Surgery · Esophagus and Stomach Surgery (GERD, Carcinoma Stomach, Peptic Ulcer)

A 63-year-old man undergoes subtotal oesophagectomy with gastric conduit for mid-oesophageal squamous cell carcinoma. On day 5 postoperatively, he develops tachycardia, pyrexia, and surgical emphysema in the neck. Which complication has occurred and what is the investigation of choice?

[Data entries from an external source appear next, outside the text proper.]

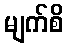
မျက်စိ
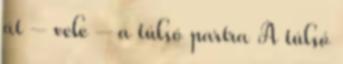
át – vele – a túlsó partra A túlsó
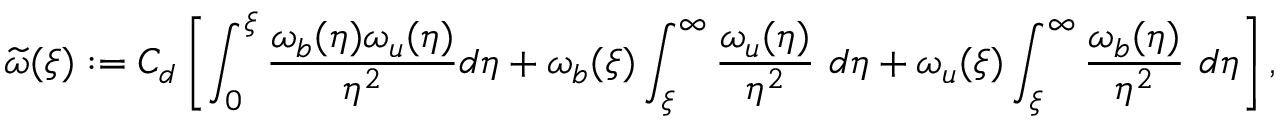
\widetilde \omega ( \xi ) : = C _ { d } \left[ \int _ { 0 } ^ { \xi } \frac { \omega _ { b } ( \eta ) \omega _ { u } ( \eta ) } { \eta ^ { 2 } } d \eta + \omega _ { b } ( \xi ) \int _ { \xi } ^ { \infty } \frac { \omega _ { u } ( \eta ) } { \eta ^ { 2 } } \ d \eta + \omega _ { u } ( \xi ) \int _ { \xi } ^ { \infty } \frac { \omega _ { b } ( \eta ) } { \eta ^ { 2 } } \ d \eta \right] ,
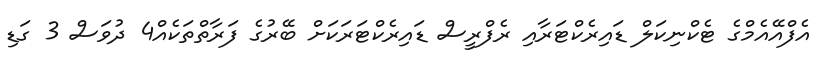
އެފްއޭއެމްގެ ޓެކްނިކަލް ޑައިރެކްޓަރާއި ރެފްރީސް ޑައިރެކްޓަރަކަށް ބޭރުގެ ފަރާތްތަކެއް4 ދުވަސް 3 ގަޑި
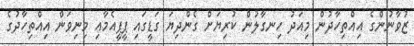
ޒުވާނުންގެ އިއްތިހާދުން މިއަދު ހިނގާލުން ކުރިޔަށް ގެންދިޔަ ގަޑީގައި ޕީޕީއެމާއި މިނިވަން އިއްތިހާދުގެ
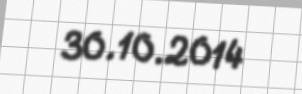
30.10.2014
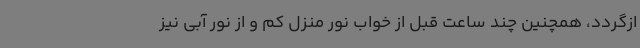
ازگردد، همچنین چند ساعت قبل از خواب نور منزل کم و از نور آبی نیز
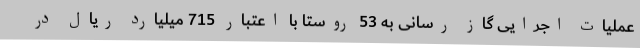
عملیات اجرایی گاز رسانی به 53 روستا با اعتبار 715 میلیارد ریال در
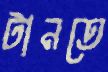
টানতে
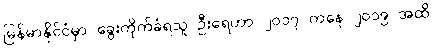
မြန်မာနိုင်ငံမှာ ခွေးကိုက်ခံရသူ ဦးရေဟာ ၂၀၁၇ ကနေ ၂၀၁၉ အထိ
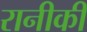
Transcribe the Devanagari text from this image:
रानीकी
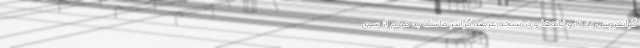
گرانفروشی به داروخانه‌ها و در نتیجه عرضه گرانتر ماسک به مردم از سوی
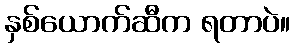
နှစ်ယောက်ဆီက ရတာပဲ။
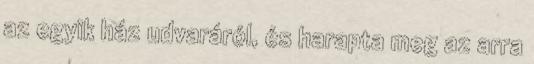
az egyik ház udvaráról, és harapta meg az arra
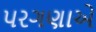
પરગણાએ
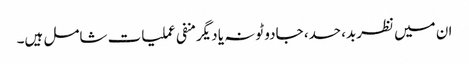
ان میں نظربد، حسد، جادو ٹونہ یا دیگرمنفی عملیات شامل ہیں۔
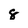
Character: 8
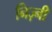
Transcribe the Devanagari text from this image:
निज़्नी
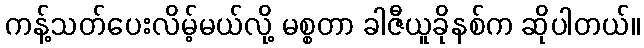
ကန့်သတ်ပေးလိမ့်မယ်လို့ မစ္စတာ ခါဇီယူခိုနစ်က ဆိုပါတယ်။
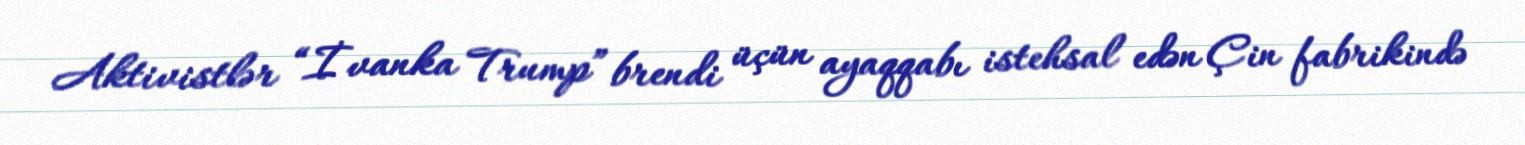
Aktivistlər “İvanka Trump” brendi üçün ayaqqabı istehsal edən Çin fabrikində
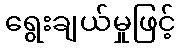
ရွေးချယ်မှုဖြင့်
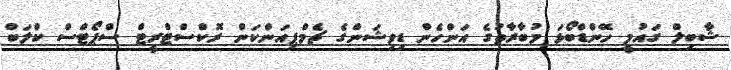
ޝާބިލް ގައުމީ ހޭންޑްބޯޅަ މުބާރާތުގެ އަންހެން ޑިވިޝަންގެ ޗެމްޕިއަންކަން ރޮކްސްޓްރީޓް ސްޕޯޓްސް ކްލަބް
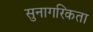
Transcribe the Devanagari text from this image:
सुनागरिकता
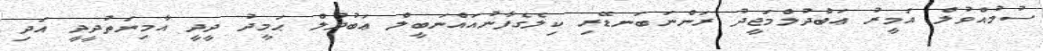
ސުމުއްވުލް އަމީރު ޢަބްދުލްމަޖީދު ރަންނަބަނޑޭރި ކިލެގެފާނުއައްނަބީލް ޢަބުދުލް ޙަމީދު ދީދީ އާމިނަތުދީދީ އަދި
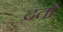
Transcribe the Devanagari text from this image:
दतो
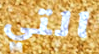
التي
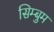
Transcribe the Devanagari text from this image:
सिम्बुम
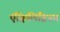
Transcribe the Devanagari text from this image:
ऍक्विलिब्रियम
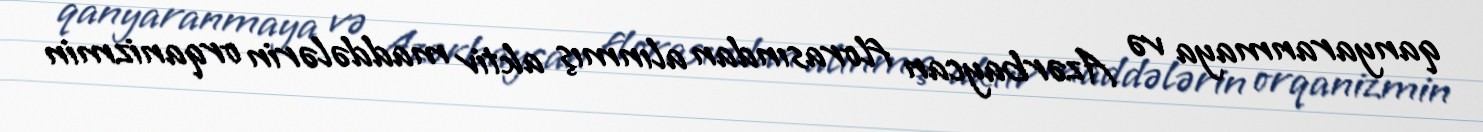
qanyaranmaya və Azərbaycan florasından alınmış aktiv maddələrin orqanizmin
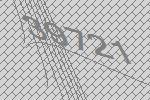
39721
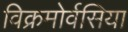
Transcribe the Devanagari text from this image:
विक्रमोर्वसिया
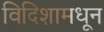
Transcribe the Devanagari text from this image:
विदिशामधून
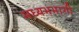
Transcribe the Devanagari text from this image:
मध्यभभागी
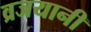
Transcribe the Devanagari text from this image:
व्रजयानी
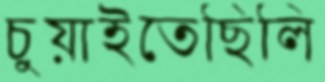
চুয়াইতেছিলি
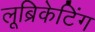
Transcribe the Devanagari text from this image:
लूब्रिकेटिंग
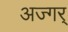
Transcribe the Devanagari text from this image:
अज्गर्
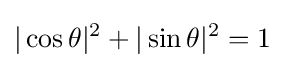
|\cos \theta |^{2}+|\sin \theta |^{2}=1
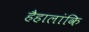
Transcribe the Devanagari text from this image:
हैहालांकि
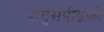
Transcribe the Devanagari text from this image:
वायुसंपीडकों
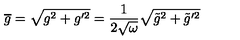
\overline { { g } } = \sqrt { g ^ { 2 } + g ^ { \prime 2 } } = \frac { 1 } { 2 \sqrt { \omega } } \sqrt { \tilde { g } ^ { 2 } + \tilde { g } ^ { \prime 2 } }
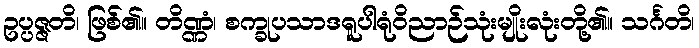
ဥပ္ပဇ္ဇတိ၊ ဖြစ်၏။ တိဏ္ဏံ၊ စက္ခုပသာဒရူပါရုံဝိညာဉ်သုံးမျိုးလုံးတို့၏။ သင်္ဂတိ၊
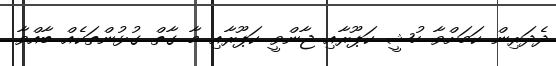
ދެދަރިން ކަމަށްވާ ހުޝީ ކަޕޫރާއި ޖާންވީ ކަޕޫރާއި މާ ގާތް ގުޅުންތަކެއް ބާއްވާ
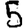
Digit: 5
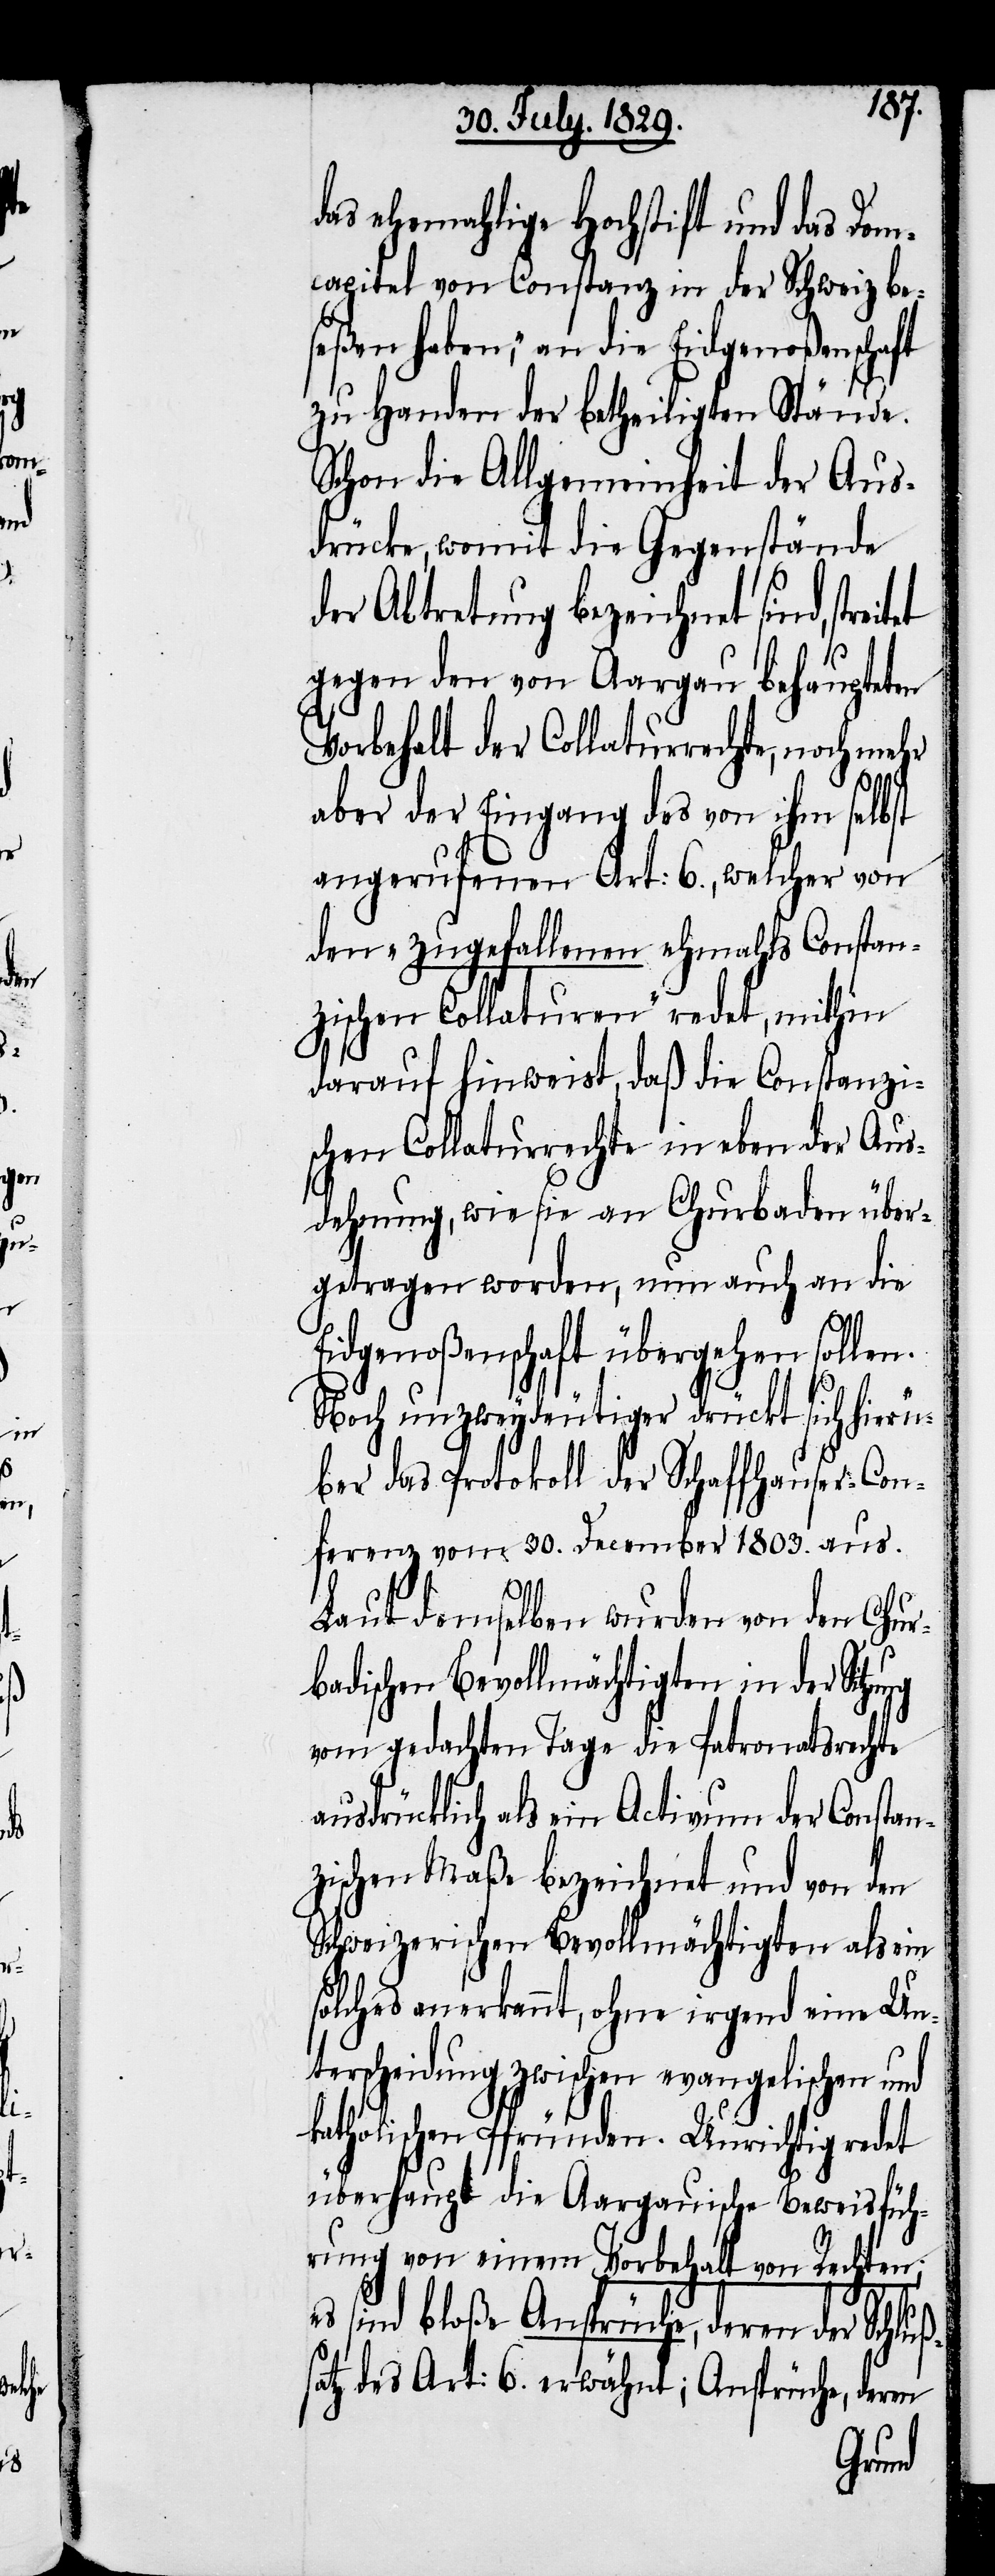
das ehemahlige Hochstift und das Dom¬
capitel von Constanz in der Schweiz be¬
seßen haben,“ an die Eidgenoßenschaft
zu Handen der betheiligten Stände.
Schon die Allgemeinheit der Aus¬
drücke, womit der Gegenstand
der Abtretung bezeichnet sind, stre¬
gegen den von Aargau behaupteten
Vorbehalt der Collaturrechte, noch mehr
ß¬
aber der Eingang des von ihm selbst
angerufenen Art: 6., welcher von
den „zugefallenen ehemahls Constan¬
zischen Collaturen“ redet, mithin
darauf hinweist, daß die Constanzi¬
schen Collaturrechte in eben der Aus¬
dehnung, wie sie an Churbaden über¬
tragen worden, nun auch an die
Eidgenoßenschaft übergehen sollen.
Noch unzweydeutiger drückt sich hierü¬
ber das Protokoll der Schaffhauser-Con¬
ferenz vom 30. December 1803. aus.
itet
Laut demselben wurden von den Chur¬
badischen Bevollmächtigten in der Si¬
vom gedachten Tage die Patronatsrechte
ausdrücklich als ein Activum der Constan¬
zischen Maße bezeichnet und von den
Schweizerischen Bevollmächtigten als ein
solches anerkannt, ohne irgend eine Un¬
terscheidung zwischen evangelischen und
katholischen Pfründen. Unrichtig redet
überhaupt die Aargauische Beweisfüh¬
rung von einem Vorbehalt von Rechten;
sind bloße Ansprüche, deren der Schlu¬
satz des Art: 6. erwähnt; Ansprüche, deren
tzung

  • A Anastomotic leak — confirmed by water-soluble contrast swallow or CT with oral contrast
  • B Chylothorax — confirmed by milky pleural fluid on chest drain
  • C Aspiration pneumonia — confirmed by bronchoscopy
  • D Wound infection — confirmed by wound swab culture
Correct answer: A. Anastomotic leak — confirmed by water-soluble contrast swallow or CT with oral contrast

Explanation

Anastomotic leak after oesophagectomy typically presents between days 3-7 with fever, tachycardia, sepsis, and surgical emphysema in the neck (from the cervical anastomosis site) or pleural effusion (from intrathoracic leaks). It is confirmed by water-soluble contrast swallow (gastrografin) or CT with oral contrast showing extravasation. Anastomotic leak is the most feared complication of oesophageal surgery, with mortality up to 30%. Management depends on severity — from conservative (nil by mouth, antibiotics, drainage) to endoscopic stenting or reoperation.

Reference: Bailey & Love's Short Practice of Surgery, 27th ed.